It seemed to be a very quiet week inside the Federal Reserve.
The securities portfolio registered no significant changes and the reserve balances with Federal Reserve Banks hardly changed.
In the latest banking week, the new, higher effective Federal Funds rate rose, reflecting the latest decision of the Federal Open Market Committee.
The effective Federal Funds rate is now 4.58 percent. The “steps” keep growing.
The next FOMC meeting is scheduled for March 21 and 22.
Market expectations are for another 25 basis point rise in the Fed’s policy rate of interest.
The proxy for excess reserves in the commercial banking system, the line item on the Fed’s balance sheet, Reserve Balances with Federal Reserve Banks, hardly changed this past week.
But, since the middle of March 2022, the time when the Federal Reserve really began the fight against inflation, the “excess reserves” in the commercial banking system have fallen by about $860.0 billion.
Note, however, that commercial banks still retain more than $3.0 trillion in these “excess reserves.”
Commercial banks still have a lot of ammunition if they want to make loans to the private sector. And, there is some indication that banks are making plenty of loans as the Federal Reserve continues to try and tighten up on monetary policy.
The main tool the Federal Reserve is using to constrain the banking system is the reduction in the amount of securities the Fed is holding in its securities portfolio.
The center of the Fed’s program of quantitative tightening is the securities portfolio of the Federal Reserve. Since March 16, 2022, when the Federal Reserve began this program of quantitative tightening, the securities portfolio has been reduced by almost $510.0 billion.
In earlier discussions, Federal Reserve officials have indicated that they would like to reduce the securities portfolio this round by about $1.5 trillion, sometime in early 2024.
Whether or not they will accomplish this goal remains to be seen.
This is the picture of the Fed’s progress in reducing its securities portfolio.
The steady reduction in the securities portfolio is the essence of the quantitative tightening program.
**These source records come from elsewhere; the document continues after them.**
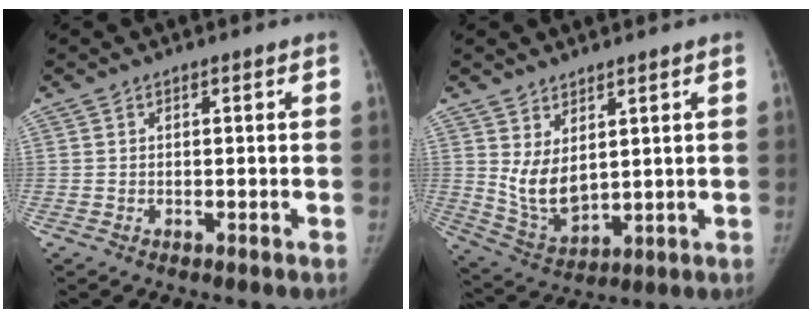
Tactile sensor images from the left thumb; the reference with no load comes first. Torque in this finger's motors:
{"motor_torque": [1.15, 1.28, 0.66, -0.99, 0.08]}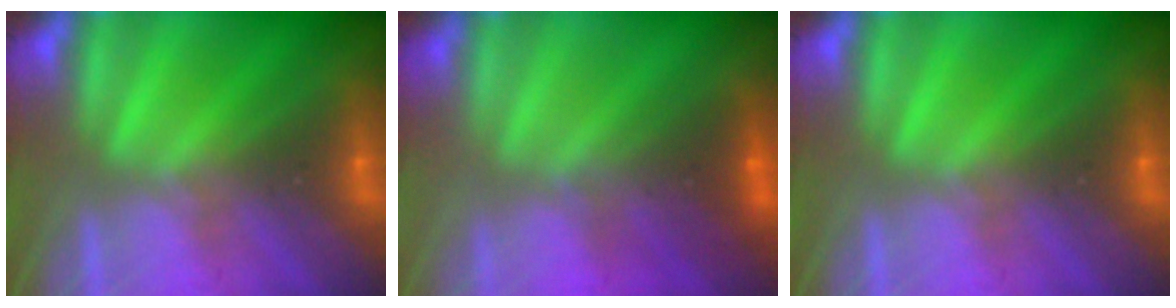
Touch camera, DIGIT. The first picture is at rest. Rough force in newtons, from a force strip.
{"total": 2.1}
{"total": 0.0}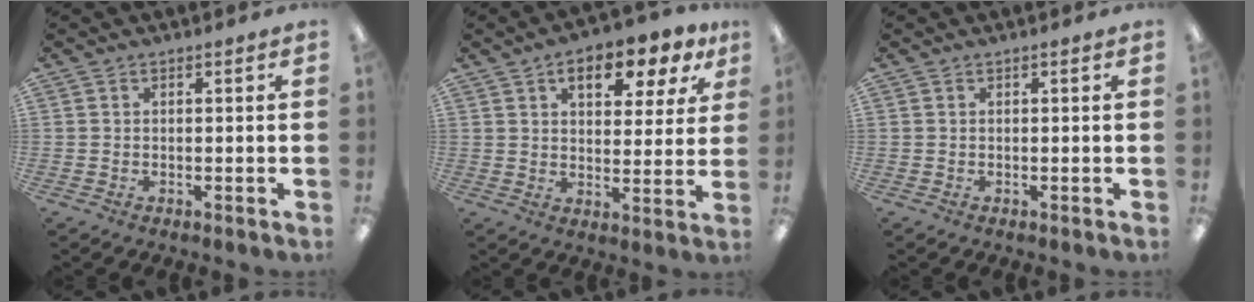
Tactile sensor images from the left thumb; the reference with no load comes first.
{"total": 9.3, "force": [5.4, 4.6, 6.2], "torque": [-0.071, -0.021, 0.085]}
{"total": 0.0}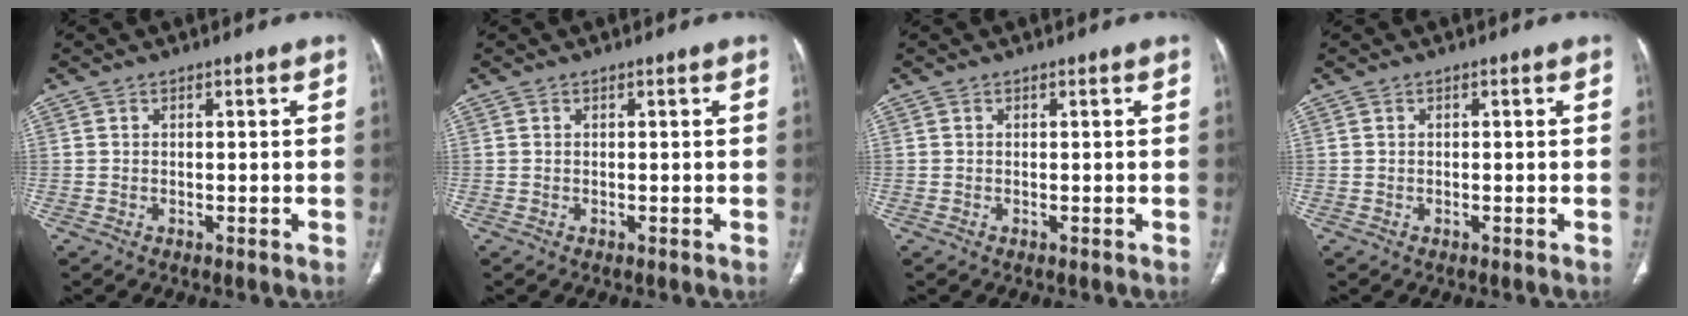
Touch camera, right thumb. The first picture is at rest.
{"total": 0.0}
{"total": 0.0}
{"total": 0.0}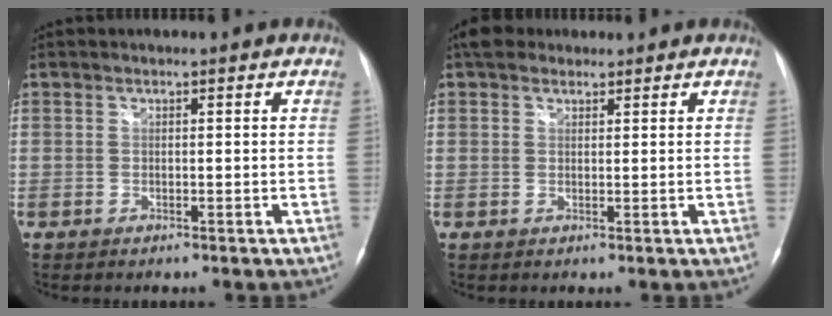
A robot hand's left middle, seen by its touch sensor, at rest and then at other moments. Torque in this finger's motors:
{"motor_torque": [0.39, -0.30, -0.08, 0.00]}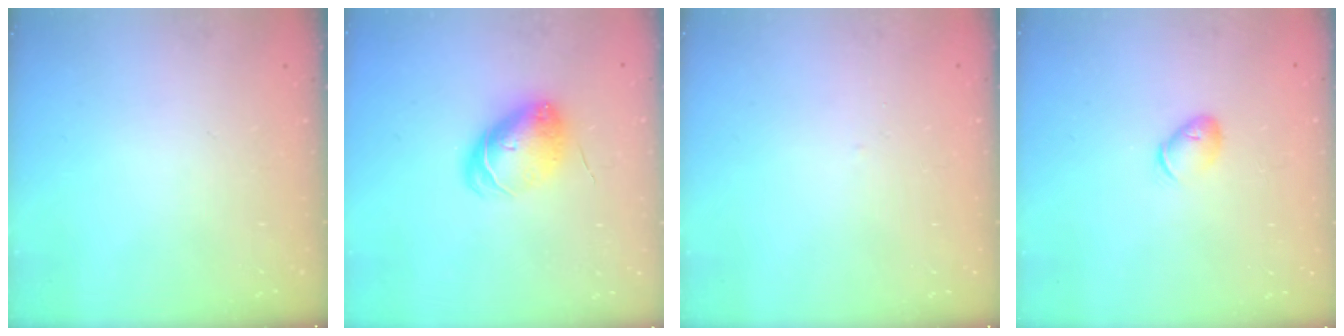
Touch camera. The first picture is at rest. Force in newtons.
{"total": 8.6, "press": 8.5, "slide": 0.7}
{"total": 1.6, "press": 1.6, "slide": 0.3}
{"total": 7.0, "press": 6.9, "slide": 1.1}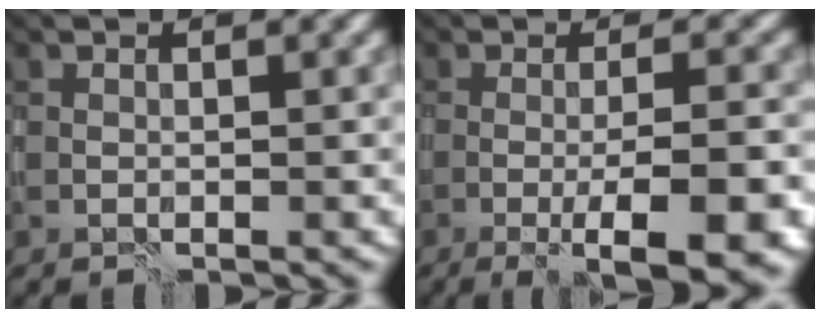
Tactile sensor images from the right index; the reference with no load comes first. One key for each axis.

The securities portfolio declines in a relatively steady pace.
The question that dominates discussion about what the Federal Reserve is doing is about how long the Fed will continue to “stay on course” with this quantitative tightening program.
Many investors are betting that the Fed will “pivot” away from this policy stance in the near future.
Of course, we don’t know the answer to this particular question at this specific time.
But, the key to the policy is whether or not the Fed continues to allow securities to run out of its portfolio. The key, I will argue, is not about how high the Fed will raise the effective Federal Funds rate.
So, smart investors, I believe, should keep their eyes on how the Fed is managing its securities portfolio, not the specific level of the effective Federal Funds rate.
For now, it appears as if the Fed will just continue on, continuing on.
But, watch the weekly February numbers. Keep track of just what the Fed is doing with its balance sheet.